▶ Raw data:
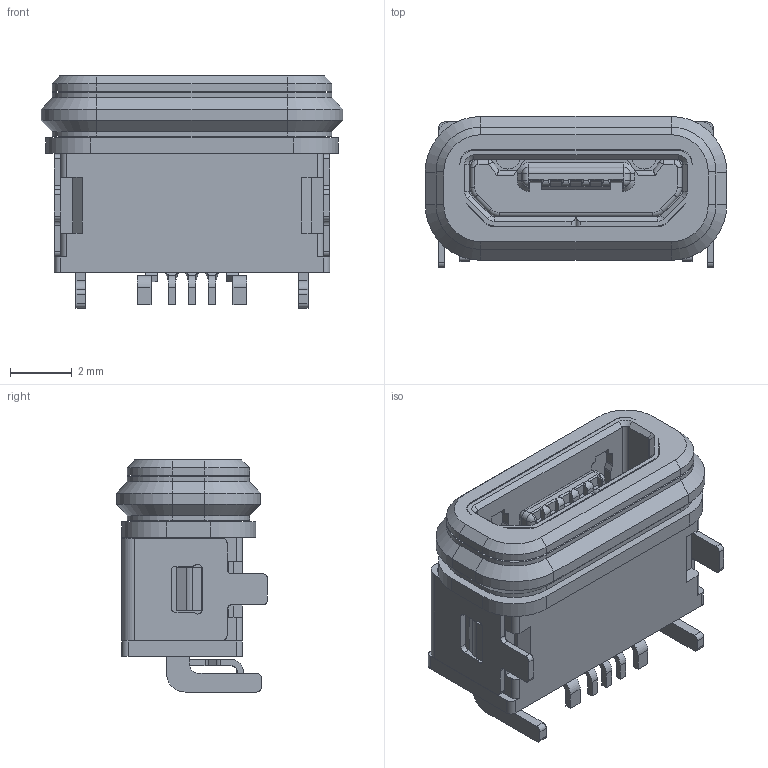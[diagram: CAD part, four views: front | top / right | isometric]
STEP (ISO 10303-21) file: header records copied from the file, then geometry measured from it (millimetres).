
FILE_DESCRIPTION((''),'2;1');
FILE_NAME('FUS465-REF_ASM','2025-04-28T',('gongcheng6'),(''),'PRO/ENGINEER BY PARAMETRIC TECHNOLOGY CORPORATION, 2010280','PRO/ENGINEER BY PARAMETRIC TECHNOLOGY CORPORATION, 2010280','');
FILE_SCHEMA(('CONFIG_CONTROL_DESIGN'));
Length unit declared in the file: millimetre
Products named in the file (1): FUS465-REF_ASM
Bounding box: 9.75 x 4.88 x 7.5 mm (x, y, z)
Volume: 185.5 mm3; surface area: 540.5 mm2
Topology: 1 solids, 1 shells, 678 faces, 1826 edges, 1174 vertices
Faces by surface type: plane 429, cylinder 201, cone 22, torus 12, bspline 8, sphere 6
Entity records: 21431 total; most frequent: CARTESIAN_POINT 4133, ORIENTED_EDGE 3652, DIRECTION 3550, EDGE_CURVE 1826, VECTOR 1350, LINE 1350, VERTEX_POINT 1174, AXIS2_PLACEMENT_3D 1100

▶ What you should do: Each record must appear again exactly as written above, without its pictures.

▶ Solution:
[diagram: CAD part, four views: front | top / right | isometric]
STEP (ISO 10303-21) file: header records copied from the file, then geometry measured from it (millimetres).
FILE_DESCRIPTION((''),'2;1');
FILE_NAME('FUS465-REF_ASM','2025-04-28T',('gongcheng6'),(''),'PRO/ENGINEER BY PARAMETRIC TECHNOLOGY CORPORATION, 2010280','PRO/ENGINEER BY PARAMETRIC TECHNOLOGY CORPORATION, 2010280','');
FILE_SCHEMA(('CONFIG_CONTROL_DESIGN'));
Length unit declared in the file: millimetre
Products named in the file (1): FUS465-REF_ASM
Bounding box: 9.75 x 4.88 x 7.5 mm (x, y, z)
Volume: 185.5 mm3; surface area: 540.5 mm2
Topology: 1 solids, 1 shells, 678 faces, 1826 edges, 1174 vertices
Faces by surface type: plane 429, cylinder 201, cone 22, torus 12, bspline 8, sphere 6
Entity records: 21431 total; most frequent: CARTESIAN_POINT 4133, ORIENTED_EDGE 3652, DIRECTION 3550, EDGE_CURVE 1826, VECTOR 1350, LINE 1350, VERTEX_POINT 1174, AXIS2_PLACEMENT_3D 1100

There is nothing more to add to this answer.